A fractional order model for Dual Variants of COVID-19 and HIV co-infection via Atangana-Baleanu derivative

Abstract

In this paper, a new mathematical model for dual variants of COVID-19 and HIV co-infection is presented and analyzed. The existence and uniqueness of the solution of the proposed model have been established using the well known Banach fixed point theorem. The model is solved semi-analytically using the Laplace Adomian decomposition Method. The impact of the Atangana-Baleanu fractional derivative on the dynamics of the proposed model is studied. The work also highlights the impact of COVID-19 vaccination on the dynamics of the co-infection of both diseases.
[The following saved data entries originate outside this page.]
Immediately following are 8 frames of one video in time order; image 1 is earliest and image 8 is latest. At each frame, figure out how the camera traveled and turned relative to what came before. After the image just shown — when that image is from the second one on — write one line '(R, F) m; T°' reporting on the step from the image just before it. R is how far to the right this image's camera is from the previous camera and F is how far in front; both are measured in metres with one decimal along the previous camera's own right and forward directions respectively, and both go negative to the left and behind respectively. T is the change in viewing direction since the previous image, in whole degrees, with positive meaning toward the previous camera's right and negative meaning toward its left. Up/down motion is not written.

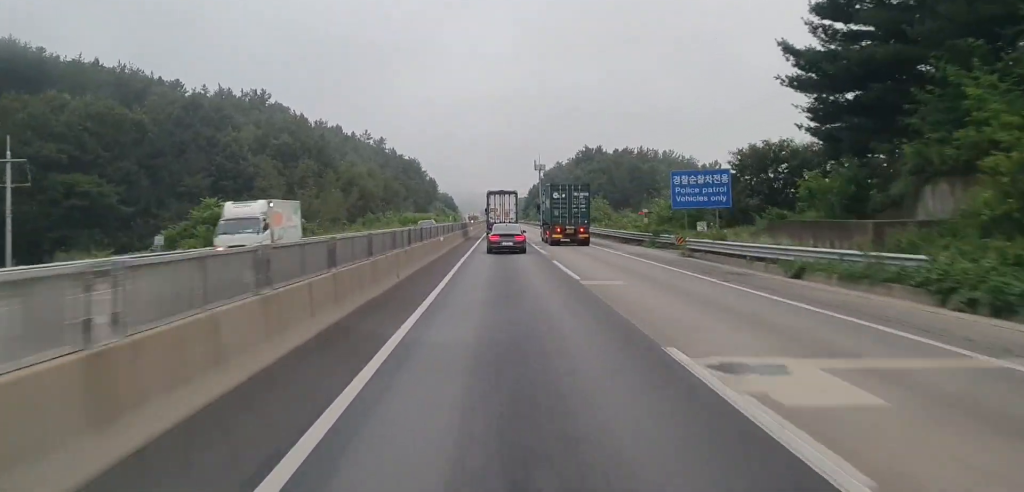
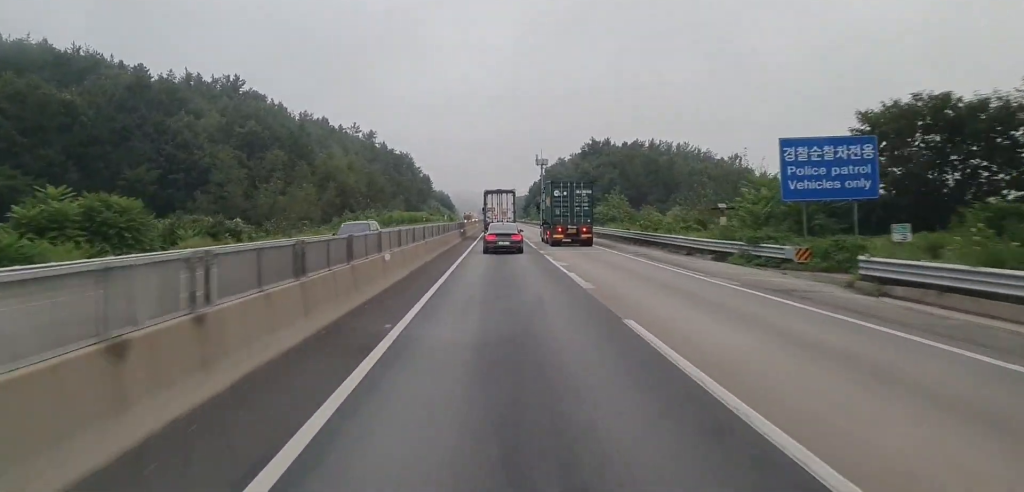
(+0.2, +18.3) m; 0°
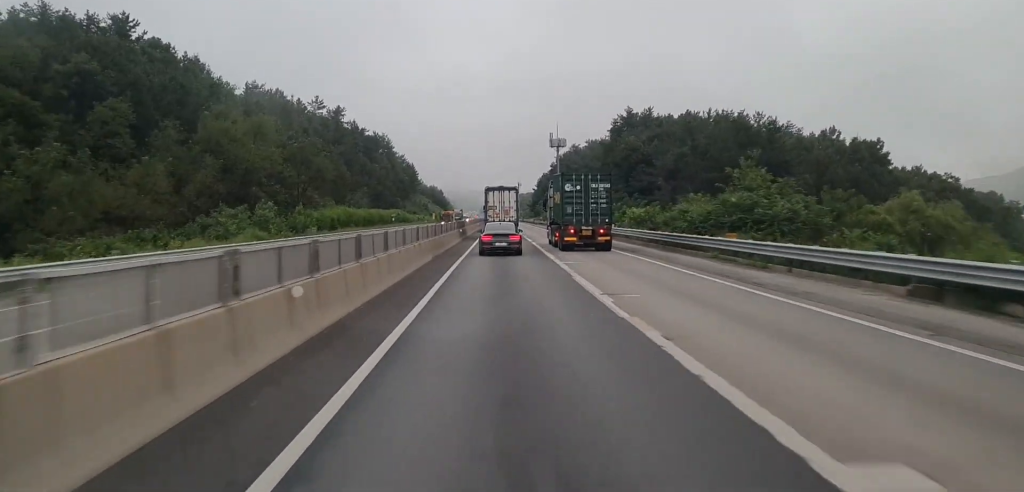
(-0.5, +52.2) m; -1°
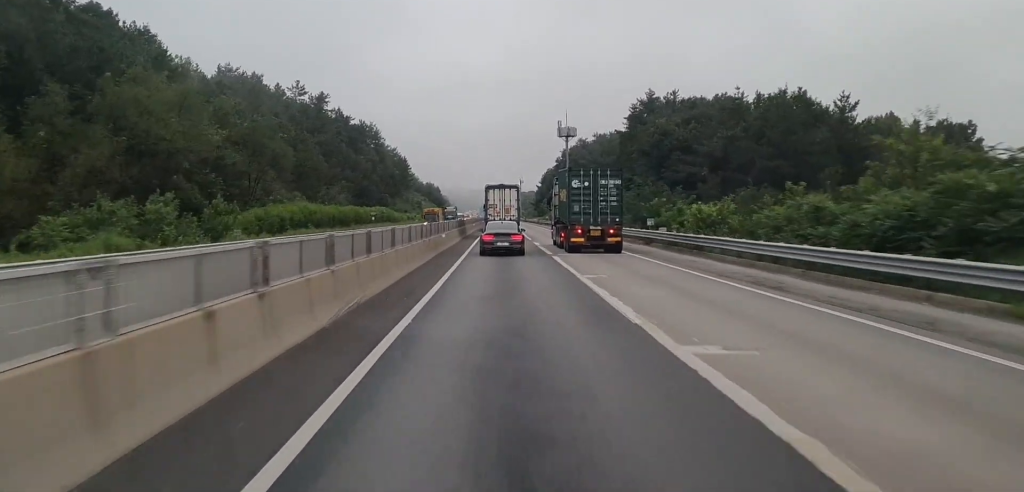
(0.0, +19.2) m; 0°
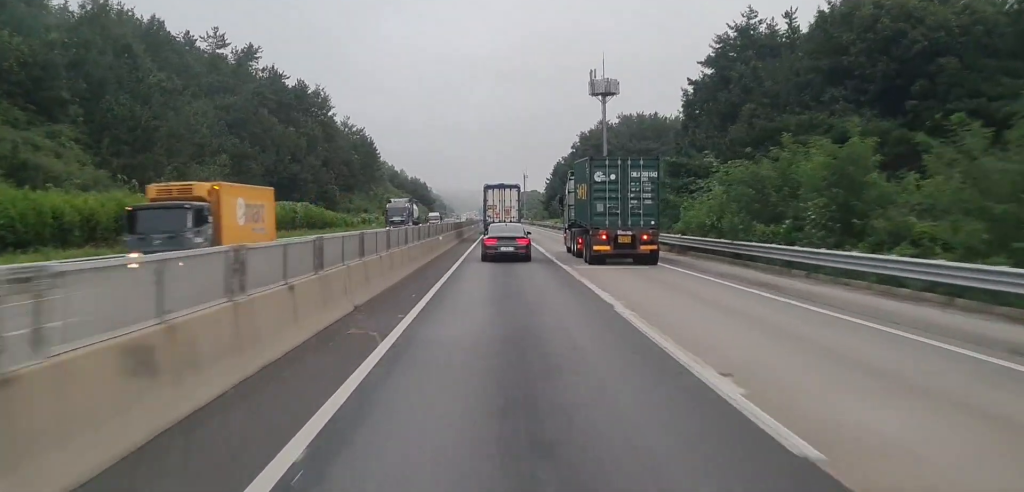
(0.0, +49.5) m; 0°
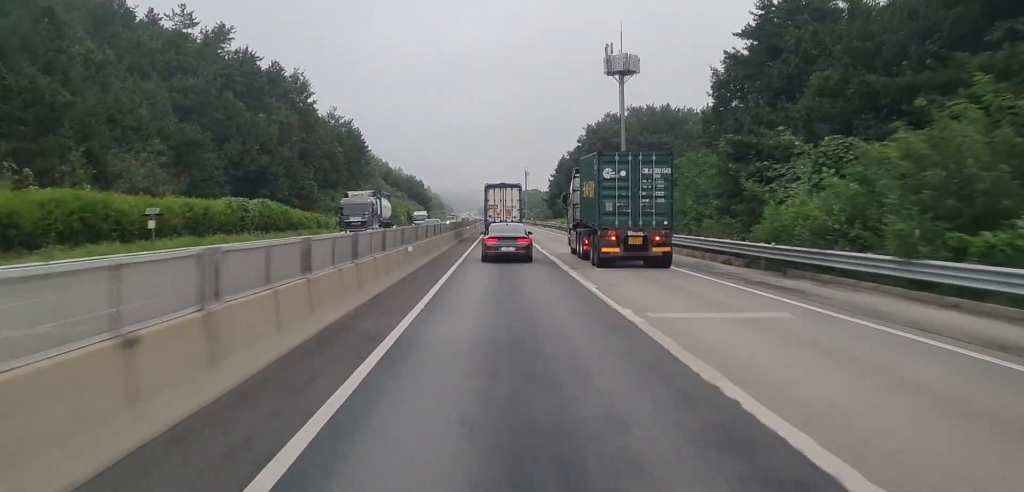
(0.0, +12.9) m; 0°
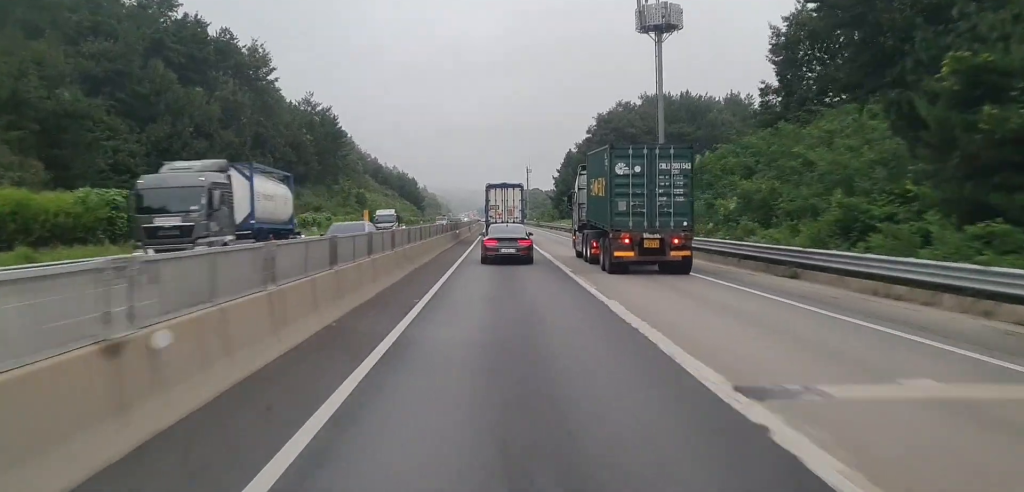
(0.0, +18.0) m; 0°
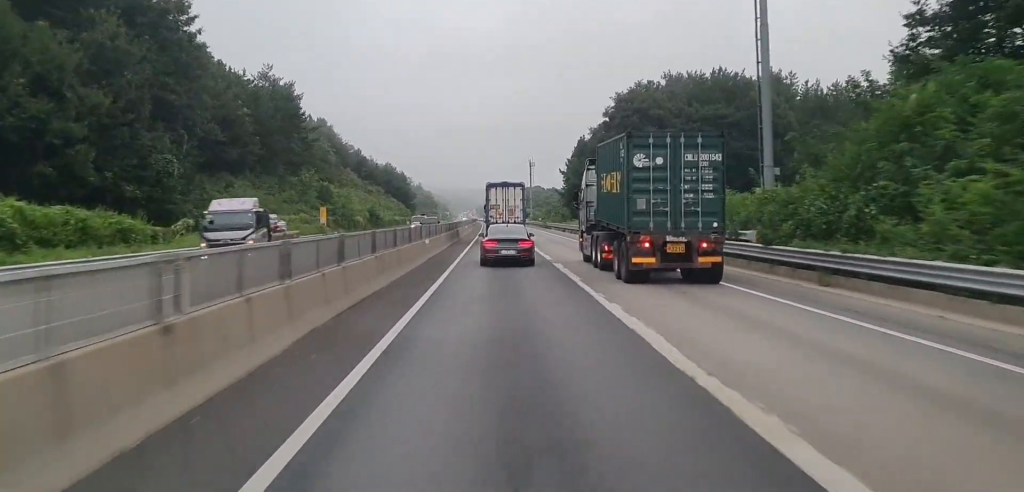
(0.0, +23.1) m; 0°
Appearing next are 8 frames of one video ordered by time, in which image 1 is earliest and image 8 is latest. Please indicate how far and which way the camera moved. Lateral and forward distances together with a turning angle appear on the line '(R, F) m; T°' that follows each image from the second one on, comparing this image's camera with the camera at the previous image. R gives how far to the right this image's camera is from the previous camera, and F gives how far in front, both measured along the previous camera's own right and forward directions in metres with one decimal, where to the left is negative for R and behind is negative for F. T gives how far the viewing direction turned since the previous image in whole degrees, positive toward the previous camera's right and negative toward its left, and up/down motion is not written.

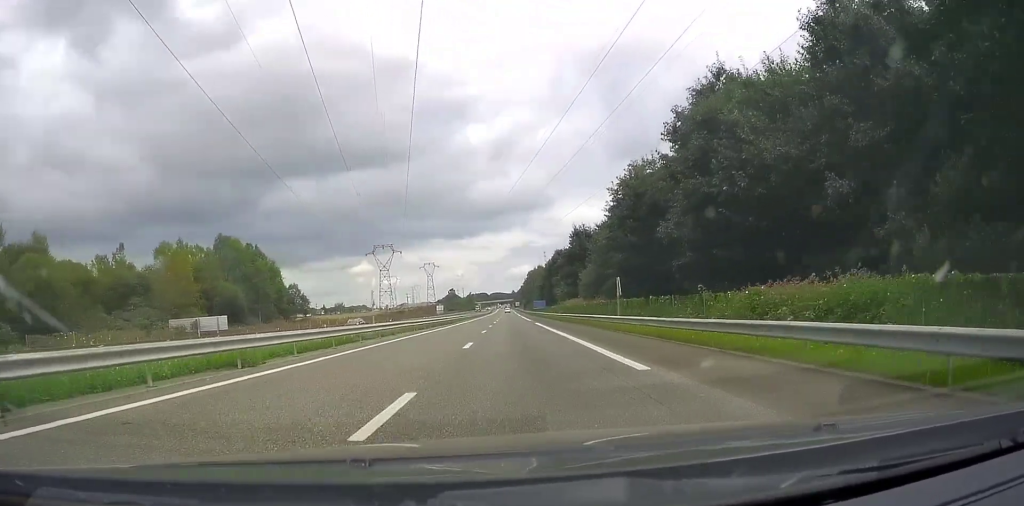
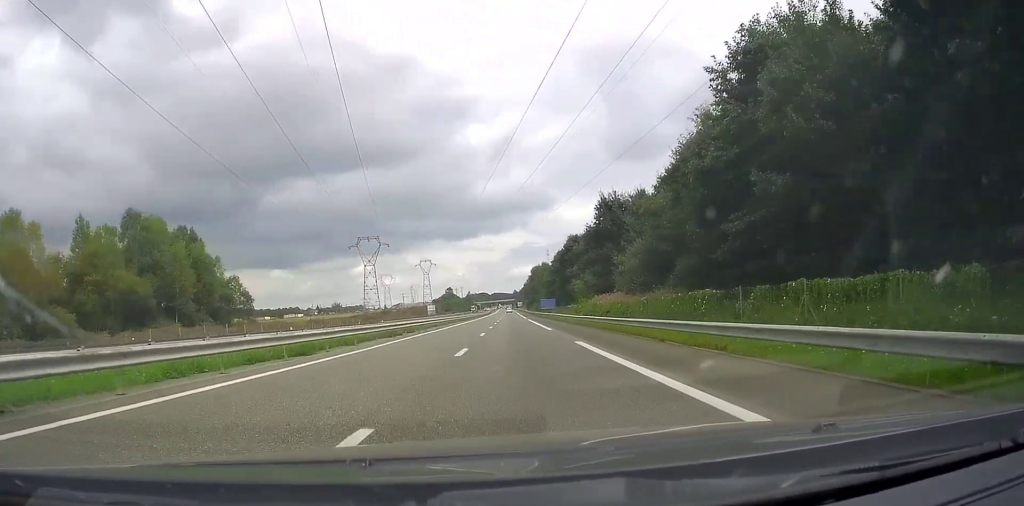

The model is fitted to real COVID-19 data from Botswana. The impact of COVID-19 variants on HIV prevalence using simulations is also assessed. Simulation for the class of individuals co-infected with HIV and the wild or Delta COVID-19 variant reveals a significant decrease, as vaccination rate is increased. The impact of fractional order on different epidemiological classes is also studied. Drawing the plot of total infected population with the wild and Delta COVID-19 variants, at different vaccination rates, it is concluded that, as vaccination rate is increased, there is a significant reduction in population infected with the wild and delta COVID-19 variants. The plot of class of individuals co-infected with HIV and the wild or Delta COVID-19 variant is more interesting; as vaccination rate is increased, the co-infected populations experience a significant decrease. Thus, stepping up vaccination against the different variants of COVID-19 could reduce co-infection cases largely, among people already infected with HIV.